FCC Condition Sample Clauses

The FCC Condition clause establishes that the completion of a transaction is contingent upon receiving approval or clearance from the Federal Communications Commission (FCC). In practice, this means that parties cannot finalize the deal until all necessary FCC consents, licenses, or regulatory approvals have been obtained, which is particularly relevant in transactions involving telecommunications assets or services. The core function of this clause is to ensure legal compliance and prevent the transaction from proceeding if regulatory requirements are not met, thereby protecting both parties from potential legal or operational risks.

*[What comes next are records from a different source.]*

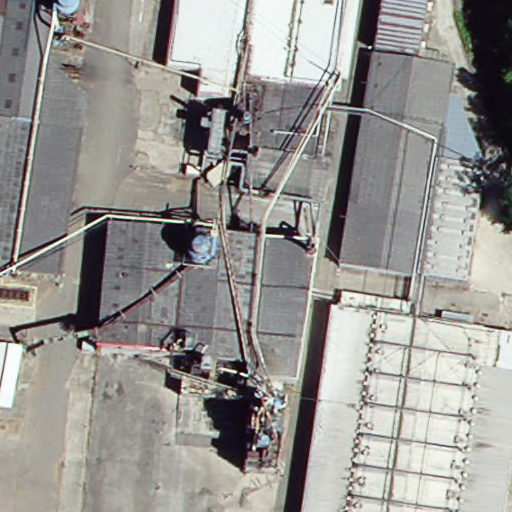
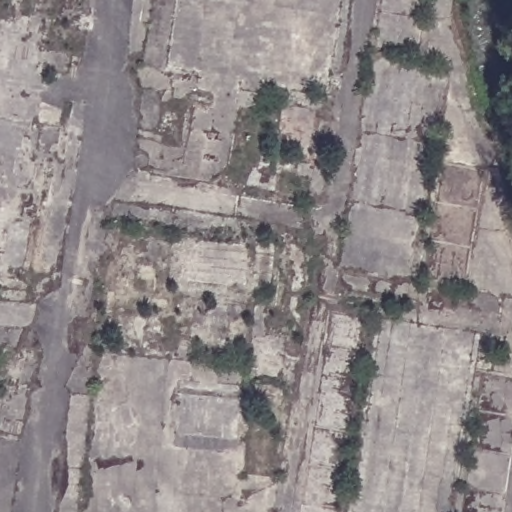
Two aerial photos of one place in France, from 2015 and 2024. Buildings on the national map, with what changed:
demolished [(40,63),(83,104),(60,283),(0,270),(0,0),(48,0),(47,8),(40,63)]
demolished [(245,141),(231,140),(233,107),(193,100),(197,76),(162,73),(171,0),(358,0),(341,101),(330,100),(312,201),(240,192),(245,141)]
demolished [(437,55),(435,68),(444,69),(425,161),(477,171),(460,291),(402,280),(332,269),(357,117),(368,57),(377,0),(423,0),(413,52),(437,55)]
demolished [(271,389),(242,385),(243,370),(195,363),(172,360),(155,480),(75,469),(103,227),(284,251),(271,389)]
demolished [(310,254),(294,391),(271,389),(284,251),(310,254)]
demolished [(323,312),(331,312),(333,297),(402,304),(400,323),(440,328),(440,321),(469,324),(468,330),(476,331),(476,336),(512,339),(512,355),(512,396),(495,512),(294,512),(323,312)]
demolished [(10,417),(0,415),(0,347),(18,350),(10,417)]
demolished [(155,480),(151,512),(70,512),(72,492),(75,469),(155,480)]

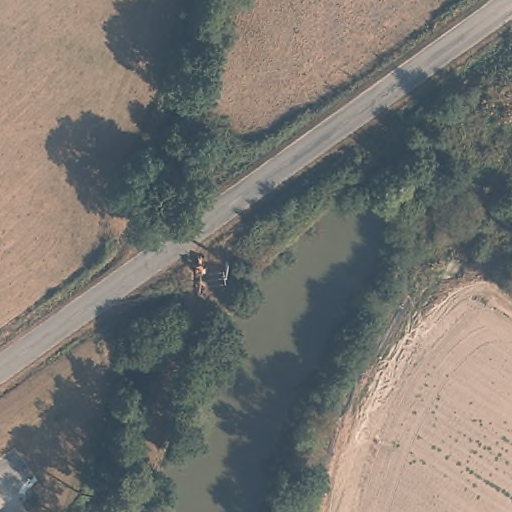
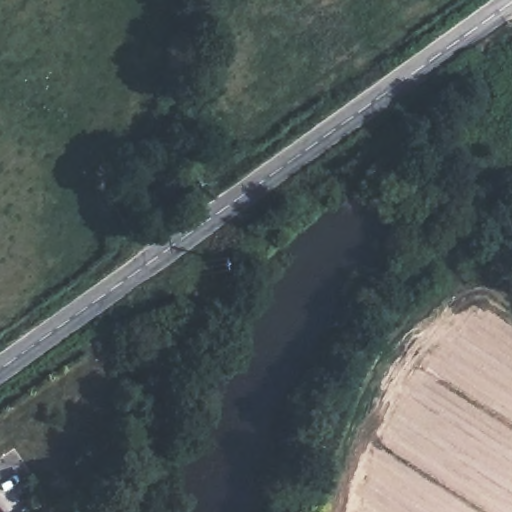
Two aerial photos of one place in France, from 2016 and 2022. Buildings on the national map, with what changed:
unchanged [(32,512),(28,512),(31,510),(32,512)]

FCC Condition. 4.1.1 The Parties shall use all commercially reasonable endeavours to satisfy the FCC Condition promptly following the date of this Agreement as follows: (i) as soon as reasonably practicable and, in any event, within five (5) Business Days of the date of this Agreement, the Subscriber shall prepare and submit to the Company a draft form completed by the Subscriber in respect of the FCC ▇▇▇▇▇▇ ▇▇▇▇▇▇; (ii) the Company shall provide its reasonable comments on the draft form as soon as reasonably practicable (and, in any event, within five (5) Business Days of receipt of the same); and (iii) as soon as reasonably practicable and, in any event, within ten (10) Business Days of receipt of the Company’s reasonable comments, the Subscriber shall finalise and submit the FCC Merger Filing. 4.1.2 In respect of the FCC Merger Filing to be made pursuant to Clause 4.1.1, each Party shall: (i) deliver as soon as reasonably practicable to the other Party copies of all material correspondence with the FCC; (ii) discuss with the other Party any clarifications and/or subsequent submissions requested by the FCC and give the other Party reasonable opportunity to comment on such clarifications and/or subsequent submissions; and (iii) deliver as soon as reasonably practicable to the other Party a copy of any certificate, notice or similar document provided by the FCC in relation to the FCC Merger Filing.

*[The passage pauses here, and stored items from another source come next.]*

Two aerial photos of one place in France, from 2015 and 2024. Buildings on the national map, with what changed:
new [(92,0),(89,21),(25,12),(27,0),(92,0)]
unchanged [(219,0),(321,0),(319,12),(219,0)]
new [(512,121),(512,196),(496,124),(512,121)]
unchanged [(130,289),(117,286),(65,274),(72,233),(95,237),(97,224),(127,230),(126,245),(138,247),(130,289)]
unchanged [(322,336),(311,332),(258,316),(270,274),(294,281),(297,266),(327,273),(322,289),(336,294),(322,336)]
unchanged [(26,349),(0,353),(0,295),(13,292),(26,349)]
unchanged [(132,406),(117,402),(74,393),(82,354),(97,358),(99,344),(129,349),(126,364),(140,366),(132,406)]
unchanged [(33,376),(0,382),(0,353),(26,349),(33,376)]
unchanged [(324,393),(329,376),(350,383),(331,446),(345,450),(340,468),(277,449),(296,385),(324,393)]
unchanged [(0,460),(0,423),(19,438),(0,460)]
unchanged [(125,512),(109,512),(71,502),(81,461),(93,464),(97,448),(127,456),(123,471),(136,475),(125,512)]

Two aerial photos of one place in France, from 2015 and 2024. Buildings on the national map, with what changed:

FCC Condition. 5.2.1 The Company and the Optionholder shall use all commercially reasonable endeavours to satisfy the FCC Condition promptly following the date of this Agreement as follows: (i) as soon as reasonably practicable and, in any event, within seven (7) Business Days of the date of this Agreement, the Optionholder shall prepare and submit to the Company a draft form completed by the Optionholder in respect of the FCC Merger Filing; (ii) the Company shall provide its reasonable comments on the draft form as soon as reasonably practicable (and, in any event, within seven (7) Business Days of receipt of the same); and (iii) as soon as reasonably practicable and, in any event, within seven (7) Business Days of receipt of the Company’s reasonable comments, the Optionholder shall finalise and submit the FCC Merger Filing, and, provided further that if, following delivery of an Option Exercise Notice, FCC Approval has not previously been obtained or does not remain in full force and effect at all times prior to Closing, then the Company and the Optionholder shall re-comply with the provisions of this Clause 5.2.1 mutatis mutandis as if references to the date of this Agreement were references to the date of delivery of an Option Exercise Notice. 5.2.2 In respect of any FCC Merger Filing, each party shall: (i) deliver as soon as reasonably practicable to the other parties copies of all material correspondence with the FCC; (ii) discuss with the other parties any clarifications and/or subsequent submissions requested by the FCC and give the other parties reasonable opportunity to comment on such clarifications and/or subsequent submissions; and (iii) deliver as soon as reasonably practicable to the other parties a copy of any certificate, notice or similar document provided by the FCC in relation to the FCC Merger Filing.